Now the output of these dates will make logical sense and the quality of our data will be improved.

Annotating data to prevent PII identification.#

Another potential issue in this data is that the origin country is learnt as categorical data with the rest of the data. In fact, we might want to independently generate this as it removes the potential for linkage attacks against the country as well as generate data from other countries not present in the dataset. We us the FormattedString annotation to specify a regex of country codes to generate from.

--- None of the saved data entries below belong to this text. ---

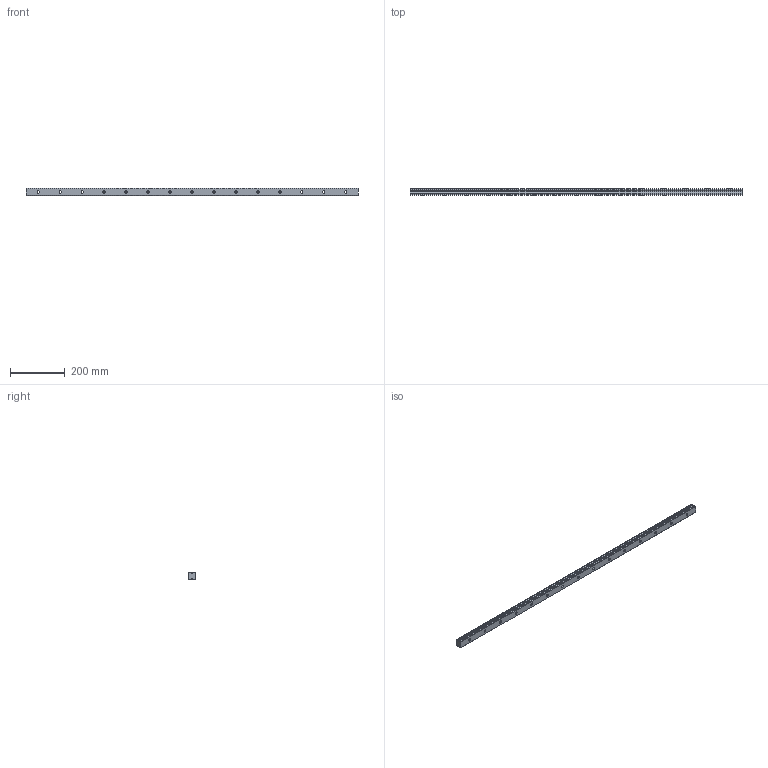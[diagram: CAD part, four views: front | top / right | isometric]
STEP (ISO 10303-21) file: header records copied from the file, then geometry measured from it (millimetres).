
FILE_DESCRIPTION (( 'STEP AP214' ), '1' );
FILE_NAME ('SHS30C1SS-1210L_G45_0_B-M6F_552_0_0_0_1.STEP', '2021-06-21T11:54:03', ( '' ), ( '' ), 'SwSTEP 2.0', 'SolidWorks 2021', '' );
FILE_SCHEMA (( 'AUTOMOTIVE_DESIGN' ));
Length unit declared in the file: millimetre
Products named in the file (2): _SHS30C121045 Track; SHS30C1SS-1210L_G45_0_B-M6F_552_0_0_0_1
Assembly tree (1 placements, depth 2):
  SHS30C1SS-1210L_G45_0_B-M6F_552_0_0_0_1
    _SHS30C121045 Track
Bounding box: 1210 x 23 x 28 mm (x, y, z)
Volume: 663642.6 mm3; surface area: 136410.5 mm2
Topology: 1 solids, 1 shells, 112 faces, 285 edges, 190 vertices
Faces by surface type: cylinder 81, plane 31
Entity records: 3597 total; most frequent: DIRECTION 679, CARTESIAN_POINT 591, ORIENTED_EDGE 570, EDGE_CURVE 285, AXIS2_PLACEMENT_3D 278, VERTEX_POINT 190, CIRCLE 162, EDGE_LOOP 157
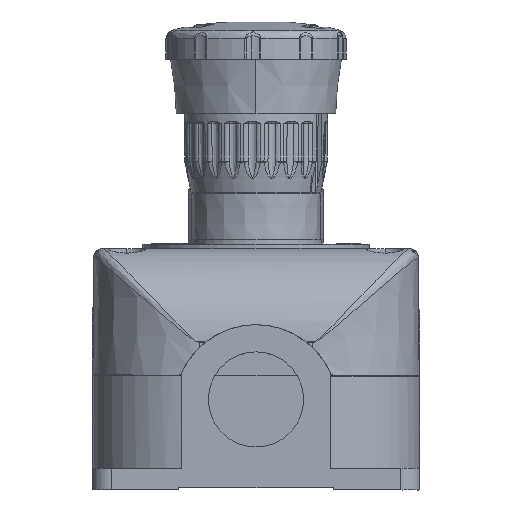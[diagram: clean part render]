
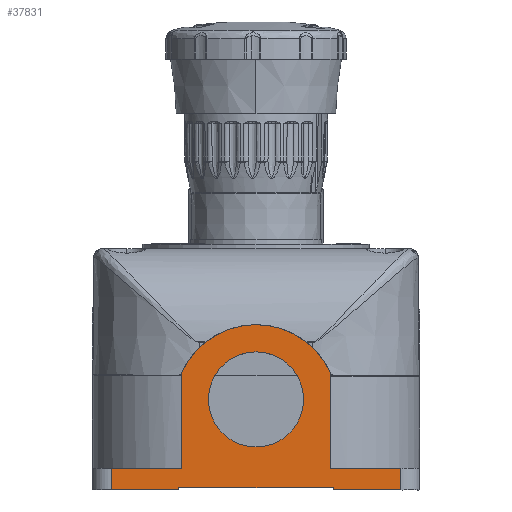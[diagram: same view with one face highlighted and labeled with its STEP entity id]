
A CAD part, left-side view. The second image highlights one B-rep face of the part: STEP entity #37831.
In plain terms, the highlighted planar face has unit normal (-1, 0, 0).
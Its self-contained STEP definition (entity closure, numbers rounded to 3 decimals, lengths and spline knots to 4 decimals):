
#696 = CARTESIAN_POINT ( 'NONE',  ( -4.8238, -3.464, -2.6565 ) ) ;
#1469 = DIRECTION ( 'NONE',  ( 0., 0., 1. ) ) ;
#1496 = VECTOR ( 'NONE', #42537, 39.3701 ) ;
#1769 = CARTESIAN_POINT ( 'NONE',  ( -4.8238, -2.7948, -3.3848 ) ) ;
#2036 = DIRECTION ( 'NONE',  ( 0., 1., 0. ) ) ;
#2135 = EDGE_CURVE ( 'NONE', #24441, #41741, #63337, .T. ) ;
#3199 = EDGE_CURVE ( 'NONE', #36887, #27560, #67693, .T. ) ;
#3382 = CARTESIAN_POINT ( 'NONE',  ( -4.8238, -2.2063, -3.1959 ) ) ;
#4737 = DIRECTION ( 'NONE',  ( -1., 0., 0. ) ) ;
#5304 = EDGE_LOOP ( 'NONE', ( #46023, #17374 ) ) ;
#5437 = CARTESIAN_POINT ( 'NONE',  ( -4.8238, -2.7948, -3.3848 ) ) ;
#6244 = EDGE_CURVE ( 'NONE', #30220, #9454, #22587, .T. ) ;
#6815 = CIRCLE ( 'NONE', #28232, 0.4134 ) ;
#6890 = EDGE_LOOP ( 'NONE', ( #53944, #24205, #29628, #35894, #64687, #22700, #17600, #44935, #14966, #69580, #37374, #69382 ) ) ;
#7072 = CARTESIAN_POINT ( 'NONE',  ( -4.8238, -2.8169, -2.3678 ) ) ;
#8215 = CIRCLE ( 'NONE', #17196, 0.7087 ) ;
#8560 = CARTESIAN_POINT ( 'NONE',  ( -4.8238, -4.7218, -3.3848 ) ) ;
#9362 = VECTOR ( 'NONE', #23613, 39.3701 ) ;
#9454 = VERTEX_POINT ( 'NONE', #3382 ) ;
#10303 = FACE_BOUND ( 'NONE', #5304, .T. ) ;
#10657 = DIRECTION ( 'NONE',  ( 0., 0., 1. ) ) ;
#11361 = CARTESIAN_POINT ( 'NONE',  ( -4.8238, -2.7948, -3.1959 ) ) ;
#12066 = DIRECTION ( 'NONE',  ( 0., 0., -1. ) ) ;
#12776 = CARTESIAN_POINT ( 'NONE',  ( -4.8238, -2.8169, -2.3678 ) ) ;
#13877 = LINE ( 'NONE', #24487, #61317 ) ;
#14378 = CARTESIAN_POINT ( 'NONE',  ( -4.8238, -4.1333, -3.3848 ) ) ;
#14442 = VERTEX_POINT ( 'NONE', #49291 ) ;
#14627 = DIRECTION ( 'NONE',  ( 0., 0., -1. ) ) ;
#14966 = ORIENTED_EDGE ( 'NONE', *, *, #66241, .F. ) ;
#15241 = DIRECTION ( 'NONE',  ( -1., 0., 0. ) ) ;
#15709 = CARTESIAN_POINT ( 'NONE',  ( -4.8238, -3.464, -3.0108 ) ) ;
#16381 = LINE ( 'NONE', #5437, #1496 ) ;
#16394 = EDGE_CURVE ( 'NONE', #28901, #41741, #66233, .T. ) ;
#17196 = AXIS2_PLACEMENT_3D ( 'NONE', #696, #33510, #17258 ) ;
#17258 = DIRECTION ( 'NONE',  ( 0., 0., -1. ) ) ;
#17374 = ORIENTED_EDGE ( 'NONE', *, *, #60727, .F. ) ;
#17600 = ORIENTED_EDGE ( 'NONE', *, *, #64200, .T. ) ;
#17821 = CARTESIAN_POINT ( 'NONE',  ( -4.8238, -4.1333, -3.1959 ) ) ;
#18831 = CARTESIAN_POINT ( 'NONE',  ( -4.8238, -2.7948, -3.3652 ) ) ;
#19940 = CARTESIAN_POINT ( 'NONE',  ( -4.8238, -3.464, -2.5974 ) ) ;
#20143 = VERTEX_POINT ( 'NONE', #1769 ) ;
#22587 = LINE ( 'NONE', #32136, #64850 ) ;
#22700 = ORIENTED_EDGE ( 'NONE', *, *, #44383, .F. ) ;
#23587 = CIRCLE ( 'NONE', #41648, 0.4134 ) ;
#23613 = DIRECTION ( 'NONE',  ( 0., 1., 0. ) ) ;
#23692 = CARTESIAN_POINT ( 'NONE',  ( -4.8238, -4.1112, -3.1959 ) ) ;
#24205 = ORIENTED_EDGE ( 'NONE', *, *, #6244, .T. ) ;
#24441 = VERTEX_POINT ( 'NONE', #30445 ) ;
#24487 = CARTESIAN_POINT ( 'NONE',  ( -4.8238, -4.7218, -3.1959 ) ) ;
#27560 = VERTEX_POINT ( 'NONE', #14378 ) ;
#27589 = LINE ( 'NONE', #11361, #35606 ) ;
#27663 = VECTOR ( 'NONE', #36473, 39.3701 ) ;
#28232 = AXIS2_PLACEMENT_3D ( 'NONE', #34079, #55620, #33733 ) ;
#28901 = VERTEX_POINT ( 'NONE', #35077 ) ;
#29203 = EDGE_CURVE ( 'NONE', #30220, #42643, #49815, .T. ) ;
#29628 = ORIENTED_EDGE ( 'NONE', *, *, #59383, .T. ) ;
#30220 = VERTEX_POINT ( 'NONE', #35746 ) ;
#30445 = CARTESIAN_POINT ( 'NONE',  ( -4.8238, -4.1112, -2.3678 ) ) ;
#31176 = CARTESIAN_POINT ( 'NONE',  ( -4.8238, -4.1112, -3.1959 ) ) ;
#32136 = CARTESIAN_POINT ( 'NONE',  ( -4.8238, -4.1333, -3.1959 ) ) ;
#33389 = VERTEX_POINT ( 'NONE', #34347 ) ;
#33510 = DIRECTION ( 'NONE',  ( 1., 0., 0. ) ) ;
#33733 = DIRECTION ( 'NONE',  ( 0., 0., -1. ) ) ;
#34079 = CARTESIAN_POINT ( 'NONE',  ( -4.8238, -3.464, -2.5974 ) ) ;
#34227 = CARTESIAN_POINT ( 'NONE',  ( -4.8238, -4.1333, -3.3652 ) ) ;
#34347 = CARTESIAN_POINT ( 'NONE',  ( -4.8238, -2.2063, -3.3848 ) ) ;
#35077 = CARTESIAN_POINT ( 'NONE',  ( -4.8238, -4.7218, -3.1959 ) ) ;
#35606 = VECTOR ( 'NONE', #12066, 39.3701 ) ;
#35746 = CARTESIAN_POINT ( 'NONE',  ( -4.8238, -2.8169, -3.1959 ) ) ;
#35881 = CARTESIAN_POINT ( 'NONE',  ( -4.8238, -4.7218, -3.3848 ) ) ;
#35894 = ORIENTED_EDGE ( 'NONE', *, *, #65252, .F. ) ;
#36462 = VERTEX_POINT ( 'NONE', #58062 ) ;
#36473 = DIRECTION ( 'NONE',  ( 0., 0., -1. ) ) ;
#36887 = VERTEX_POINT ( 'NONE', #8560 ) ;
#37374 = ORIENTED_EDGE ( 'NONE', *, *, #2135, .F. ) ;
#37831 = ADVANCED_FACE ( 'NONE', ( #10303, #53386 ), #58691, .T. ) ;
#38341 = VERTEX_POINT ( 'NONE', #18831 ) ;
#39166 = VERTEX_POINT ( 'NONE', #15709 ) ;
#39362 = DIRECTION ( 'NONE',  ( 0., 1., 0. ) ) ;
#39687 = CARTESIAN_POINT ( 'NONE',  ( -4.8238, -2.2063, -3.1959 ) ) ;
#40742 = LINE ( 'NONE', #39687, #67673 ) ;
#41223 = LINE ( 'NONE', #62784, #61221 ) ;
#41268 = VECTOR ( 'NONE', #39362, 39.3701 ) ;
#41648 = AXIS2_PLACEMENT_3D ( 'NONE', #19940, #4737, #14627 ) ;
#41741 = VERTEX_POINT ( 'NONE', #23692 ) ;
#42537 = DIRECTION ( 'NONE',  ( 0., 1., 0. ) ) ;
#42643 = VERTEX_POINT ( 'NONE', #12776 ) ;
#44383 = EDGE_CURVE ( 'NONE', #14442, #38341, #53773, .T. ) ;
#44935 = ORIENTED_EDGE ( 'NONE', *, *, #3199, .F. ) ;
#45005 = DIRECTION ( 'NONE',  ( 0., 0., -1. ) ) ;
#45070 = AXIS2_PLACEMENT_3D ( 'NONE', #48089, #15241, #10657 ) ;
#46023 = ORIENTED_EDGE ( 'NONE', *, *, #54166, .F. ) ;
#46029 = DIRECTION ( 'NONE',  ( 0., 0., -1. ) ) ;
#47457 = EDGE_CURVE ( 'NONE', #38341, #20143, #27589, .T. ) ;
#48089 = CARTESIAN_POINT ( 'NONE',  ( -4.8238, -4.1333, -3.1959 ) ) ;
#49291 = CARTESIAN_POINT ( 'NONE',  ( -4.8238, -4.1333, -3.3652 ) ) ;
#49815 = LINE ( 'NONE', #7072, #57843 ) ;
#53386 = FACE_OUTER_BOUND ( 'NONE', #6890, .T. ) ;
#53773 = LINE ( 'NONE', #34227, #9362 ) ;
#53944 = ORIENTED_EDGE ( 'NONE', *, *, #29203, .F. ) ;
#54166 = EDGE_CURVE ( 'NONE', #36462, #39166, #23587, .T. ) ;
#54720 = DIRECTION ( 'NONE',  ( 0., 1., 0. ) ) ;
#55620 = DIRECTION ( 'NONE',  ( -1., 0., 0. ) ) ;
#56769 = DIRECTION ( 'NONE',  ( 0., 0., -1. ) ) ;
#57843 = VECTOR ( 'NONE', #1469, 39.3701 ) ;
#58062 = CARTESIAN_POINT ( 'NONE',  ( -4.8238, -3.464, -2.1841 ) ) ;
#58691 = PLANE ( 'NONE',  #45070 ) ;
#59383 = EDGE_CURVE ( 'NONE', #9454, #33389, #40742, .T. ) ;
#59396 = VECTOR ( 'NONE', #2036, 39.3701 ) ;
#60727 = EDGE_CURVE ( 'NONE', #39166, #36462, #6815, .T. ) ;
#61221 = VECTOR ( 'NONE', #56769, 39.3701 ) ;
#61317 = VECTOR ( 'NONE', #46029, 39.3701 ) ;
#62784 = CARTESIAN_POINT ( 'NONE',  ( -4.8238, -4.1333, -3.1959 ) ) ;
#63337 = LINE ( 'NONE', #31176, #27663 ) ;
#64200 = EDGE_CURVE ( 'NONE', #14442, #27560, #41223, .T. ) ;
#64687 = ORIENTED_EDGE ( 'NONE', *, *, #47457, .F. ) ;
#64783 = EDGE_CURVE ( 'NONE', #42643, #24441, #8215, .T. ) ;
#64850 = VECTOR ( 'NONE', #54720, 39.3701 ) ;
#65252 = EDGE_CURVE ( 'NONE', #20143, #33389, #16381, .T. ) ;
#66233 = LINE ( 'NONE', #17821, #41268 ) ;
#66241 = EDGE_CURVE ( 'NONE', #28901, #36887, #13877, .T. ) ;
#67673 = VECTOR ( 'NONE', #45005, 39.3701 ) ;
#67693 = LINE ( 'NONE', #35881, #59396 ) ;
#69382 = ORIENTED_EDGE ( 'NONE', *, *, #64783, .F. ) ;
#69580 = ORIENTED_EDGE ( 'NONE', *, *, #16394, .T. ) ;
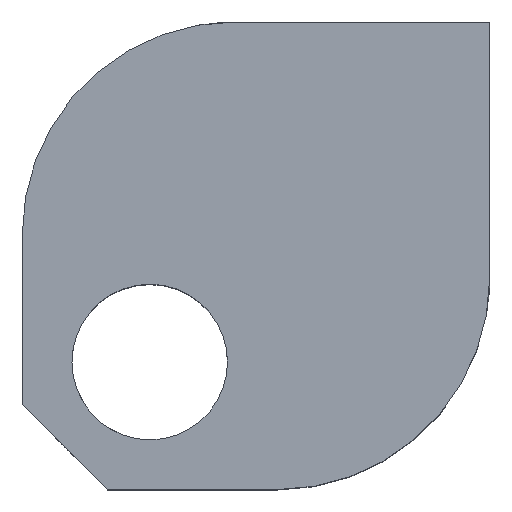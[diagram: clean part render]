
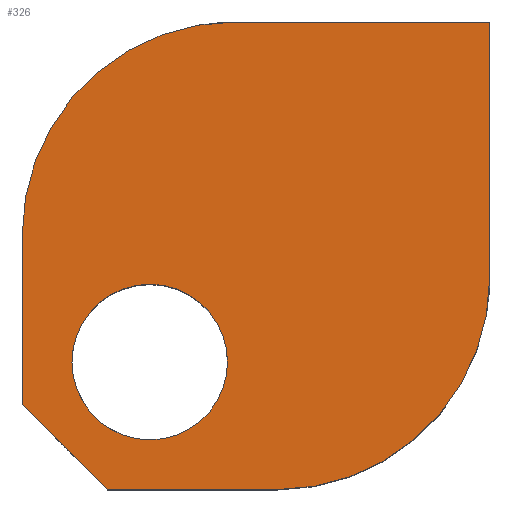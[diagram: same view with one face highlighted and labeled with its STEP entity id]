
A CAD part, top view. The second image highlights one B-rep face of the part: STEP entity #326.
In plain terms, the highlighted planar face has unit normal (0, 0, 1).
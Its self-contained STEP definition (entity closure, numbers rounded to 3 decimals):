
#17=FACE_BOUND('',#58,.T.);
#28=CIRCLE('',#360,25.);
#30=CIRCLE('',#363,25.);
#31=CIRCLE('',#364,9.15);
#40=FACE_OUTER_BOUND('',#57,.T.);
#57=EDGE_LOOP('',(#239,#240,#241,#242,#243,#244,#245));
#58=EDGE_LOOP('',(#246));
#86=LINE('',#510,#119);
#87=LINE('',#512,#120);
#88=LINE('',#514,#121);
#89=LINE('',#518,#122);
#90=LINE('',#519,#123);
#119=VECTOR('',#415,10.);
#120=VECTOR('',#416,10.);
#121=VECTOR('',#417,10.);
#122=VECTOR('',#420,10.);
#123=VECTOR('',#421,10.);
#151=VERTEX_POINT('',#500);
#152=VERTEX_POINT('',#502);
#154=VERTEX_POINT('',#509);
#155=VERTEX_POINT('',#511);
#156=VERTEX_POINT('',#513);
#157=VERTEX_POINT('',#515);
#158=VERTEX_POINT('',#517);
#159=VERTEX_POINT('',#520);
#184=EDGE_CURVE('',#151,#152,#28,.T.);
#188=EDGE_CURVE('',#151,#154,#86,.T.);
#189=EDGE_CURVE('',#155,#154,#87,.T.);
#190=EDGE_CURVE('',#155,#156,#88,.T.);
#191=EDGE_CURVE('',#157,#156,#30,.T.);
#192=EDGE_CURVE('',#157,#158,#89,.T.);
#193=EDGE_CURVE('',#158,#152,#90,.T.);
#194=EDGE_CURVE('',#159,#159,#31,.T.);
#239=ORIENTED_EDGE('',*,*,#184,.F.);
#240=ORIENTED_EDGE('',*,*,#188,.T.);
#241=ORIENTED_EDGE('',*,*,#189,.F.);
#242=ORIENTED_EDGE('',*,*,#190,.T.);
#243=ORIENTED_EDGE('',*,*,#191,.F.);
#244=ORIENTED_EDGE('',*,*,#192,.T.);
#245=ORIENTED_EDGE('',*,*,#193,.T.);
#246=ORIENTED_EDGE('',*,*,#194,.T.);
#312=PLANE('',#362);
#326=ADVANCED_FACE('',(#40,#17),#312,.T.);
#360=AXIS2_PLACEMENT_3D('',#503,#407,#408);
#362=AXIS2_PLACEMENT_3D('',#508,#413,#414);
#363=AXIS2_PLACEMENT_3D('',#516,#418,#419);
#364=AXIS2_PLACEMENT_3D('',#521,#422,#423);
#407=DIRECTION('center_axis',(0.,0.,-1.));
#408=DIRECTION('ref_axis',(-0.707,0.707,0.));
#413=DIRECTION('center_axis',(0.,0.,1.));
#414=DIRECTION('ref_axis',(-1.,0.,0.));
#415=DIRECTION('',(0.,-1.,0.));
#416=DIRECTION('',(-0.707,0.707,0.));
#417=DIRECTION('',(1.,0.,0.));
#418=DIRECTION('center_axis',(0.,0.,-1.));
#419=DIRECTION('ref_axis',(0.707,-0.707,0.));
#420=DIRECTION('',(0.,1.,0.));
#421=DIRECTION('',(-1.,0.,0.));
#422=DIRECTION('center_axis',(0.,0.,-1.));
#423=DIRECTION('ref_axis',(-1.,0.,0.));
#500=CARTESIAN_POINT('',(-127.5,-207.5,440.));
#502=CARTESIAN_POINT('',(-102.5,-182.5,440.));
#503=CARTESIAN_POINT('Origin',(-102.5,-207.5,440.));
#508=CARTESIAN_POINT('Origin',(-100.,-210.,440.));
#509=CARTESIAN_POINT('',(-127.5,-227.5,440.));
#510=CARTESIAN_POINT('',(-127.5,-182.5,440.));
#511=CARTESIAN_POINT('',(-117.5,-237.5,440.));
#512=CARTESIAN_POINT('',(-122.5,-232.5,440.));
#513=CARTESIAN_POINT('',(-97.5,-237.5,440.));
#514=CARTESIAN_POINT('',(-127.5,-237.5,440.));
#515=CARTESIAN_POINT('',(-72.5,-212.5,440.));
#516=CARTESIAN_POINT('Origin',(-97.5,-212.5,440.));
#517=CARTESIAN_POINT('',(-72.5,-182.5,440.));
#518=CARTESIAN_POINT('',(-72.5,-237.5,440.));
#519=CARTESIAN_POINT('',(-72.5,-182.5,440.));
#520=CARTESIAN_POINT('',(-103.35,-222.5,440.));
#521=CARTESIAN_POINT('Origin',(-112.5,-222.5,440.));
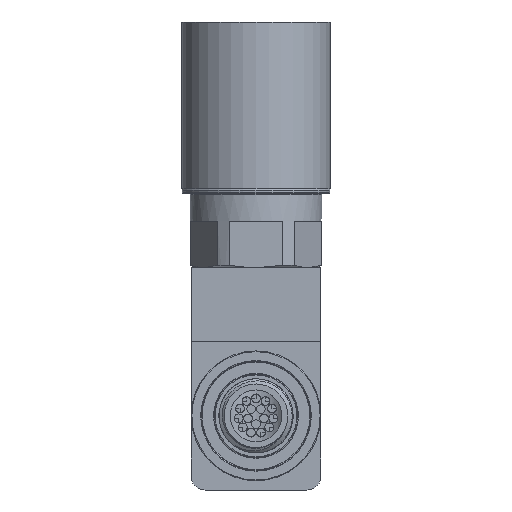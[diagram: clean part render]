
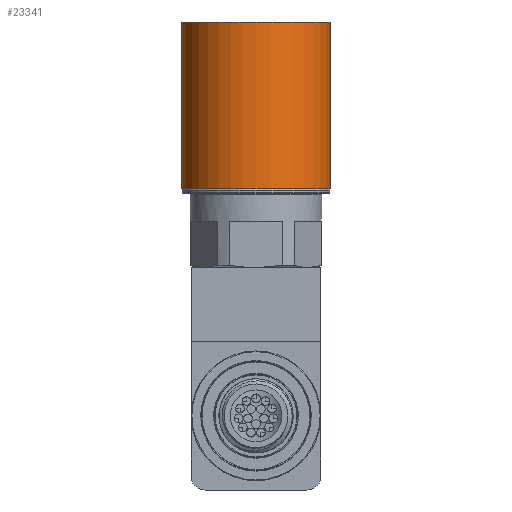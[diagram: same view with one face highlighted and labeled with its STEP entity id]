
A CAD part, front view. The second image highlights one B-rep face of the part: STEP entity #23341.
In plain terms, the highlighted cylindrical face has radius 12.7 mm (diameter 25.4 mm), a full revolution.
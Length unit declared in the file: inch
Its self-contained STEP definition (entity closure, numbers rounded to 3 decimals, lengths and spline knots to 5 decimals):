
#4459=CYLINDRICAL_SURFACE($,#25077,0.5);
#5586=FACE_BOUND($,#8409,.T.);
#6665=FACE_OUTER_BOUND($,#8408,.T.);
#8408=EDGE_LOOP($,(#19338));
#8409=EDGE_LOOP($,(#19339));
#9755=CIRCLE($,#24880,0.5);
#9860=CIRCLE($,#25078,0.5);
#11691=VERTEX_POINT($,#42625);
#11796=VERTEX_POINT($,#42928);
#14466=EDGE_CURVE($,#11691,#11691,#9755,.T.);
#14571=EDGE_CURVE($,#11796,#11796,#9860,.T.);
#19338=ORIENTED_EDGE($,*,*,#14466,.F.);
#19339=ORIENTED_EDGE($,*,*,#14571,.T.);
#23341=ADVANCED_FACE($,(#6665,#5586),#4459,.T.);
#24880=AXIS2_PLACEMENT_3D($,#42626,#28875,#28876);
#25077=AXIS2_PLACEMENT_3D($,#42927,#29269,#29270);
#25078=AXIS2_PLACEMENT_3D($,#42929,#29271,#29272);
#28875=DIRECTION('center_axis',(0.,0.,1.));
#28876=DIRECTION('ref_axis',(1.,0.,0.));
#29269=DIRECTION('center_axis',(0.,0.,-1.));
#29270=DIRECTION('ref_axis',(-1.,0.,0.));
#29271=DIRECTION('center_axis',(0.,0.,1.));
#29272=DIRECTION('ref_axis',(1.,0.,0.));
#42625=CARTESIAN_POINT('',(-0.5,0.,1.656));
#42626=CARTESIAN_POINT('Origin',(0.,0.,1.656));
#42927=CARTESIAN_POINT('Origin',(0.,0.,1.656));
#42928=CARTESIAN_POINT('',(-0.5,0.,0.531));
#42929=CARTESIAN_POINT('Origin',(0.,0.,0.531));

In [38]: from synthesized.metadata.value.categorical import FormattedString

In [39]: country_codes_regex = ("(AFG|ALA|ALB|DZA|ASM|AND|AGO|AIA|ATA|ATG|ARG|ARM|ABW|AUS|AUT|AZE|BHS|BHR|BGD|BRB|BLR|BEL|BLZ|"
   ....:                         "BEN|BMU|BTN|BOL|BES|BIH|BWA|BVT|BRA|IOT|BRN|BGR|BFA|BDI|CPV|KHM|CMR|CAN|CYM|CAF|TCD|CHL|CHN|"
   ....:                         "CXR|CCK|COL|COM|COG|COD|COK|CRI|CIV|HRV|CUB|CUW|CYP|CZE|DNK|DJI|DMA|DOM|ECU|EGY|SLV|GNQ|ERI|"
   ....:                         "EST|SWZ|ETH|FLK|FRO|FJI|FIN|FRA|GUF|PYF|ATF|GAB|GMB|GEO|DEU|GHA|GIB|GRC|GRL|GRD|GLP|GUM|GTM|"
   ....:                         "GGY|GIN|GNB|GUY|HTI|HMD|VAT|HND|HKG|HUN|ISL|IND|IDN|IRN|IRQ|IRL|IMN|ISR|ITA|JAM|JPN|JEY|JOR|"
   ....:                         "KAZ|KEN|KIR|PRK|KOR|KWT|KGZ|LAO|LVA|LBN|LSO|LBR|LBY|LIE|LTU|LUX|MAC|MDG|MWI|MYS|MDV|MLI|MLT|"
   ....:                         "MHL|MTQ|MRT|MUS|MYT|MEX|FSM|MDA|MCO|MNG|MNE|MSR|MAR|MOZ|MMR|NAM|NRU|NPL|NLD|NCL|NZL|NIC|NER|"
   ....:                         "NGA|NIU|NFK|MKD|MNP|NOR|OMN|PAK|PLW|PSE|PAN|PNG|PRY|PER|PHL|PCN|POL|PRT|PRI|QAT|REU|ROU|RUS|"
   ....:                         "RWA|BLM|SHN|KNA|LCA|MAF|SPM|VCT|WSM|SMR|STP|SAU|SEN|SRB|SYC|SLE|SGP|SXM|SVK|SVN|SLB|SOM|ZAF|"
   ....:                         "SGS|SSD|ESP|LKA|SDN|SUR|SJM|SWE|CHE|SYR|TWN|TJK|TZA|THA|TLS|TGO|TKL|TON|TTO|TUN|TUR|TKM|TCA|"
   ....:                         "TUV|UGA|UKR|ARE|GBR|USA|UMI|URY|UZB|VUT|VEN|VNM|VGB|VIR|WLF|ESH|YEM|ZMB|ZWE)")
   ....: 

In [40]: address = FormattedString(
   ....:     name="country",
   ....:     pattern=country_codes_regex
   ....: )
   ....: 

In [41]: df_meta = synthesized.MetaExtractor.extract(df_altered, annotations=[address])
In [42]: synthesizer = synthesized.HighDimSynthesizer(df_meta)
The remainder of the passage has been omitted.